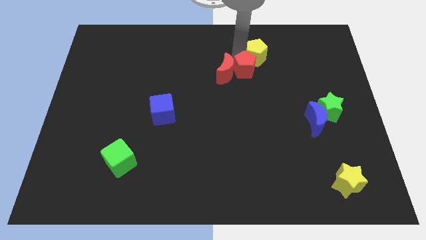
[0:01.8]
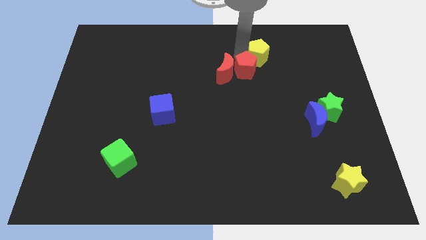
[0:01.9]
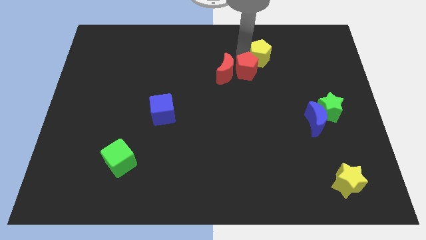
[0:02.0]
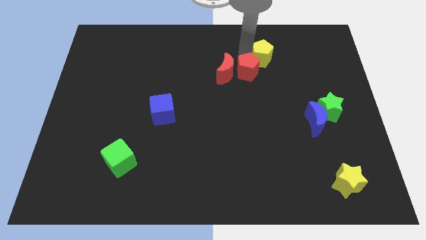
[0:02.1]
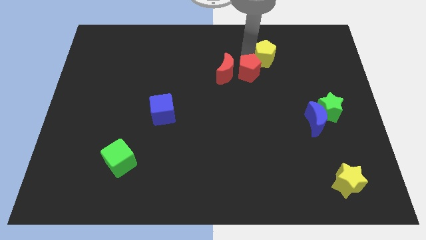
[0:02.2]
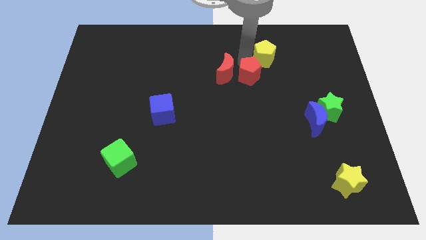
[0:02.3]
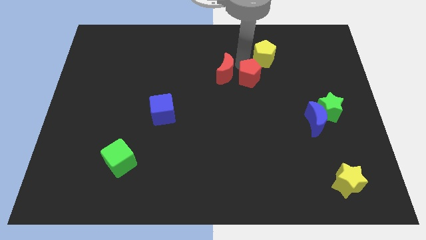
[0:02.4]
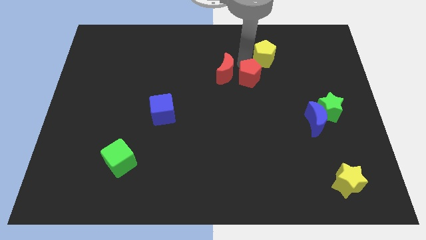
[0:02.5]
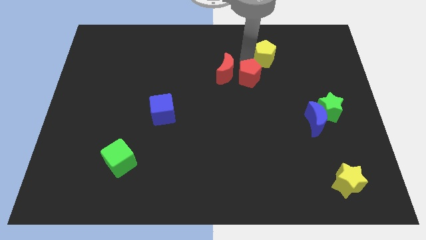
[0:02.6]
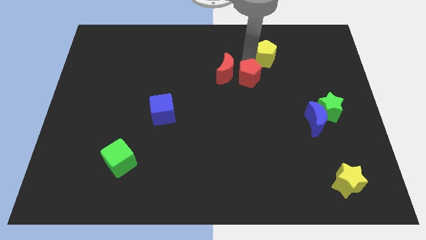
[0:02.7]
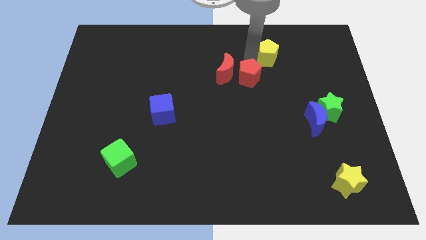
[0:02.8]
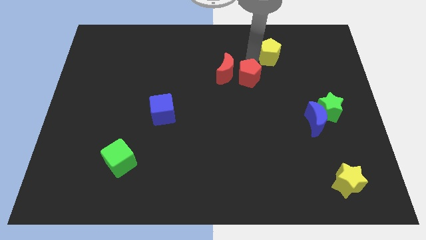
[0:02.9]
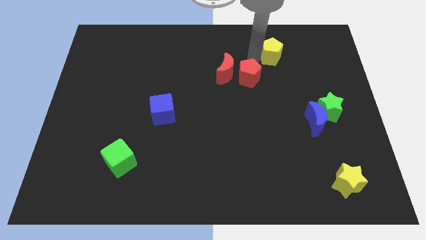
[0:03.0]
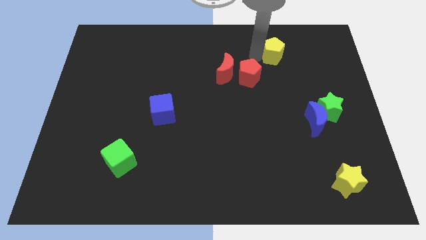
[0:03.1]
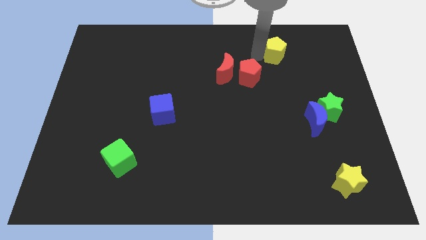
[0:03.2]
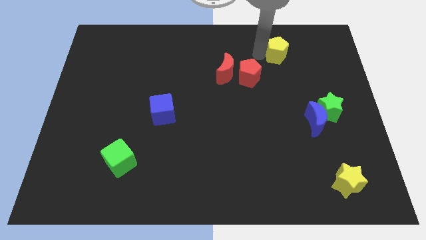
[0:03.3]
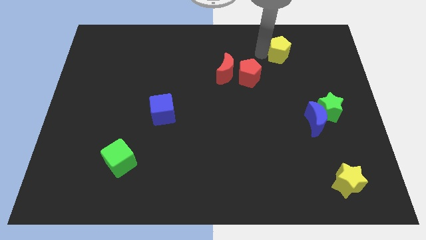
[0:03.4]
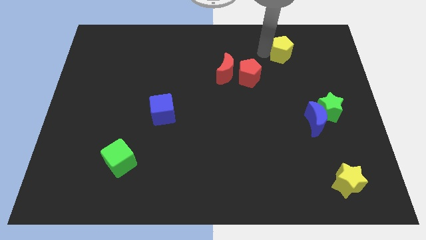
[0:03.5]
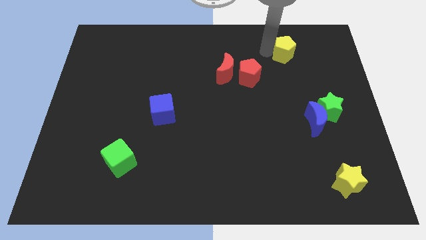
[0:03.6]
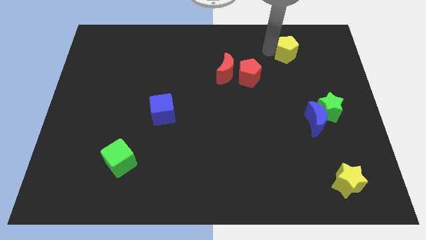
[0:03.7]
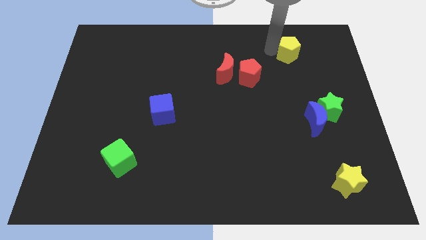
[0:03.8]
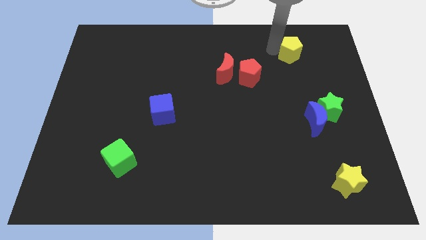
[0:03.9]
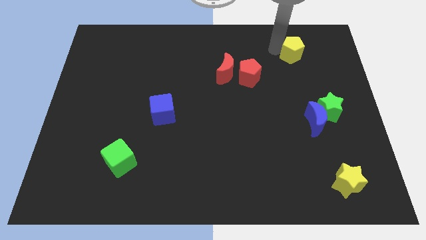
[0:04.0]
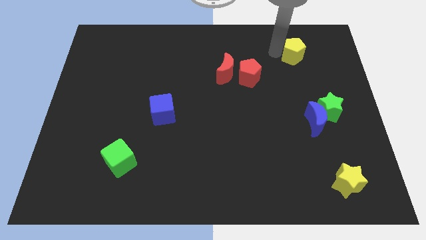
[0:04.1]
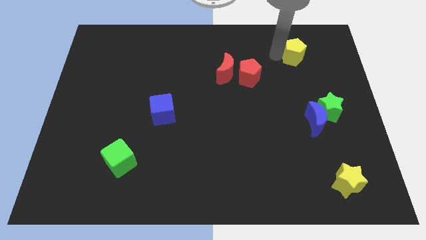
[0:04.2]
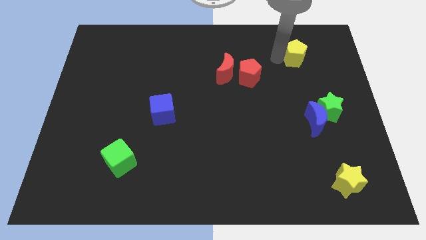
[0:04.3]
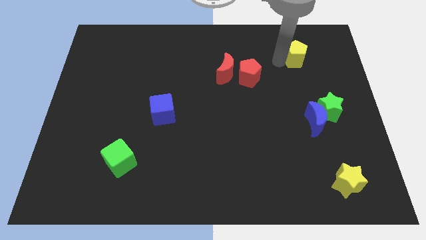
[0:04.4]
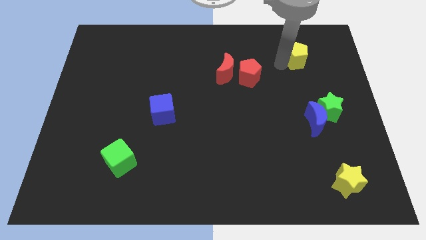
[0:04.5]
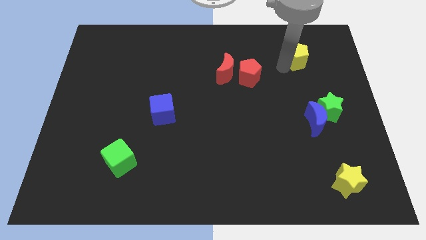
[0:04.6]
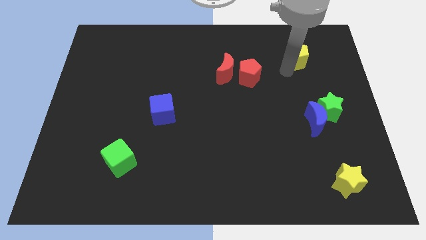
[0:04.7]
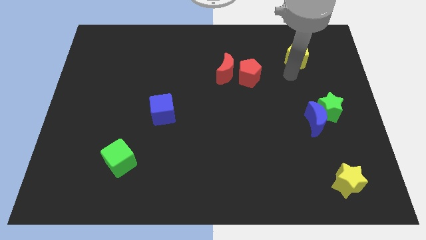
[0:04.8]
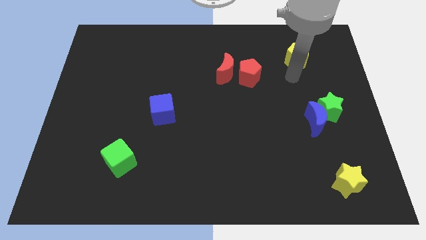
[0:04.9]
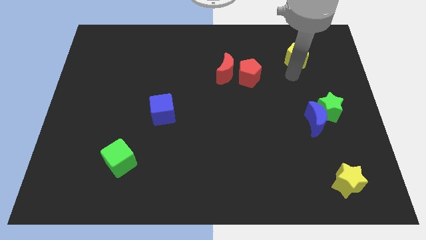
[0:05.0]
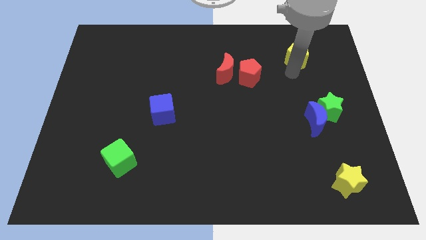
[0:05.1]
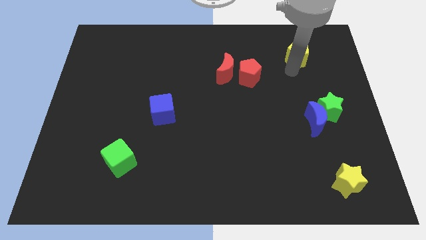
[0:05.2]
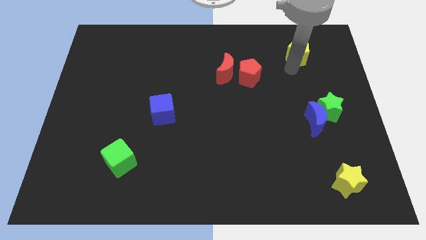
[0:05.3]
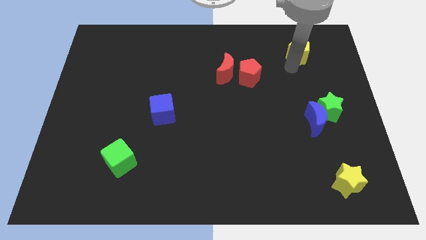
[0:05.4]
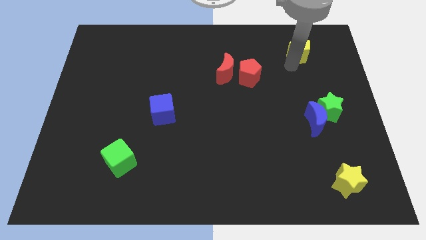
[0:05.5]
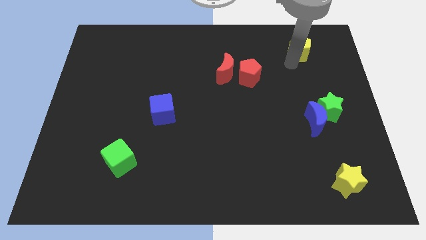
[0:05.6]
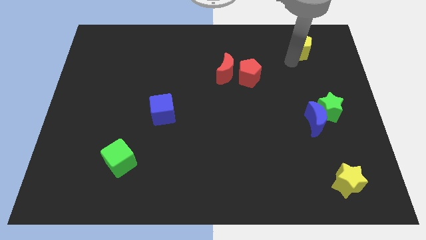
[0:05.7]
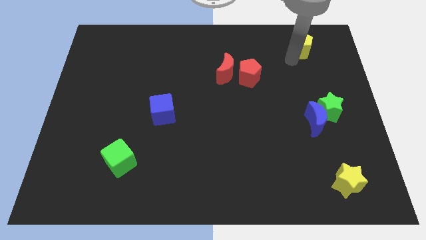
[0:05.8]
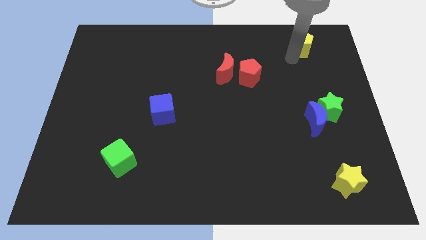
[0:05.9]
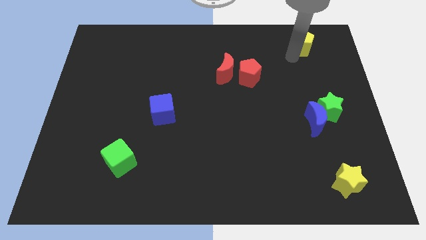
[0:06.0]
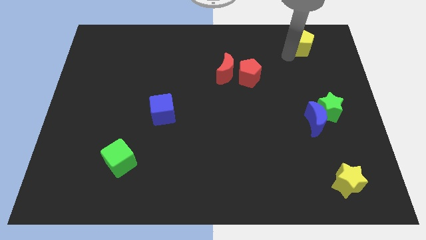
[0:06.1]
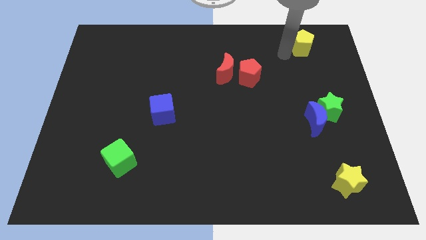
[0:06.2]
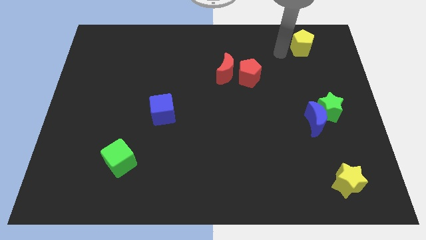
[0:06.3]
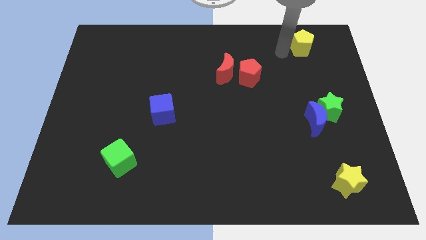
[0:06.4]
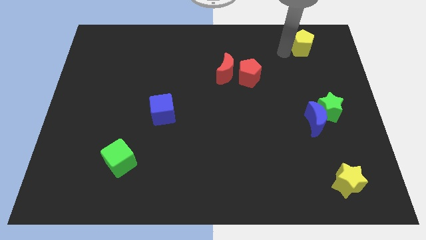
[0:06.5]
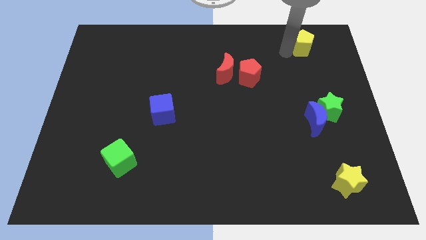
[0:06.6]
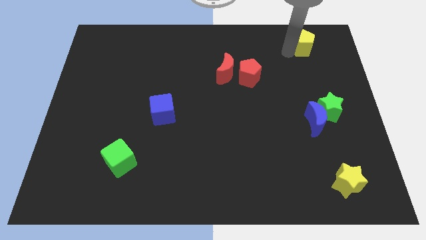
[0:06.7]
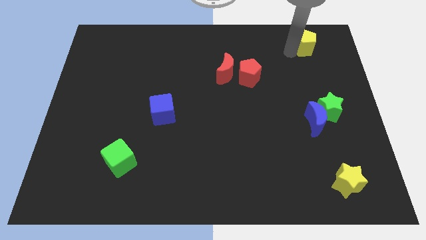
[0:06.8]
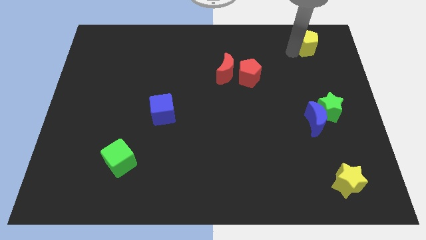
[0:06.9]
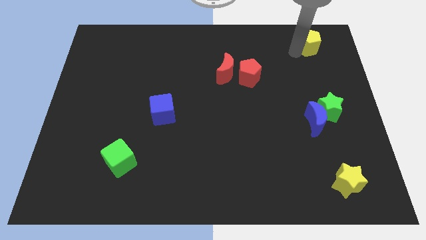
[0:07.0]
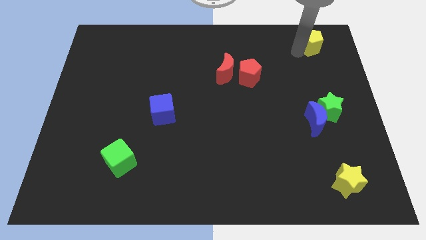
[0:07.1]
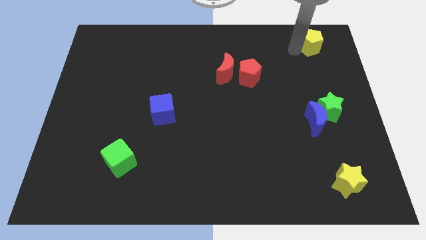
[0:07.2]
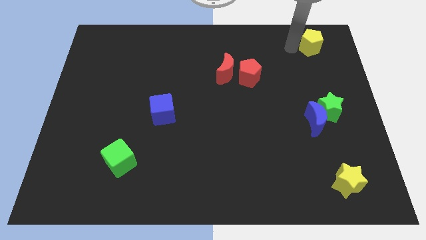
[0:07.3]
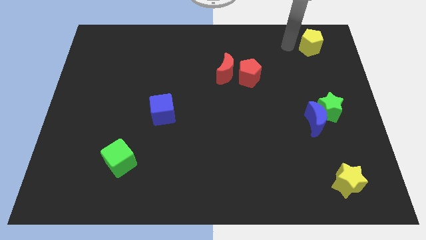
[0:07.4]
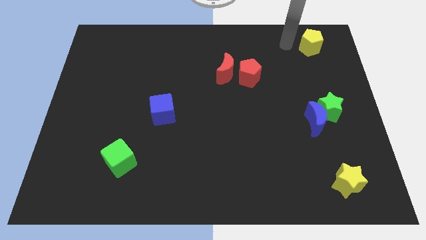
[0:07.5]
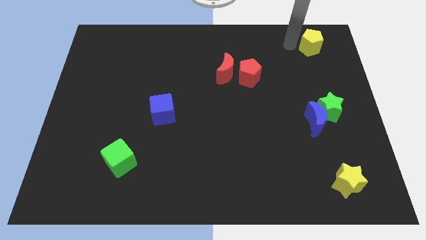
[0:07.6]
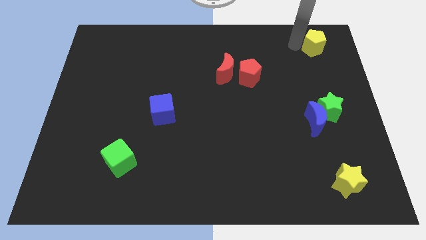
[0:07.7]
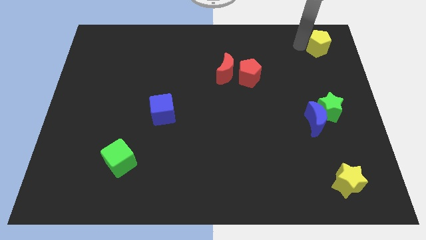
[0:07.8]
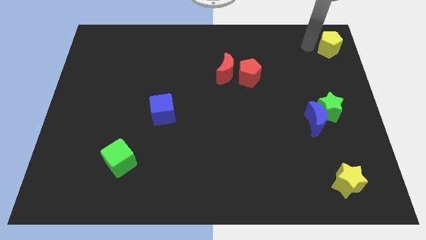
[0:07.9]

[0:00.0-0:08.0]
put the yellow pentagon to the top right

━━━━━━━━━━

• **ABOUT THIS TASK**
Each entry above should be reproduced exactly, with the pictures removed.

• **OUTPUT FOR THIS EXERCISE**
[0:01.8]
[0:01.9]
[0:02.0]
[0:02.1]
[0:02.2]
[0:02.3]
[0:02.4]
[0:02.5]
[0:02.6]
[0:02.7]
[0:02.8]
[0:02.9]
[0:03.0]
[0:03.1]
[0:03.2]
[0:03.3]
[0:03.4]
[0:03.5]
[0:03.6]
[0:03.7]
[0:03.8]
[0:03.9]
[0:04.0]
[0:04.1]
[0:04.2]
[0:04.3]
[0:04.4]
[0:04.5]
[0:04.6]
[0:04.7]
[0:04.8]
[0:04.9]
[0:05.0]
[0:05.1]
[0:05.2]
[0:05.3]
[0:05.4]
[0:05.5]
[0:05.6]
[0:05.7]
[0:05.8]
[0:05.9]
[0:06.0]
[0:06.1]
[0:06.2]
[0:06.3]
[0:06.4]
[0:06.5]
[0:06.6]
[0:06.7]
[0:06.8]
[0:06.9]
[0:07.0]
[0:07.1]
[0:07.2]
[0:07.3]
[0:07.4]
[0:07.5]
[0:07.6]
[0:07.7]
[0:07.8]
[0:07.9]

[0:00.0-0:08.0]
put the yellow pentagon to the top right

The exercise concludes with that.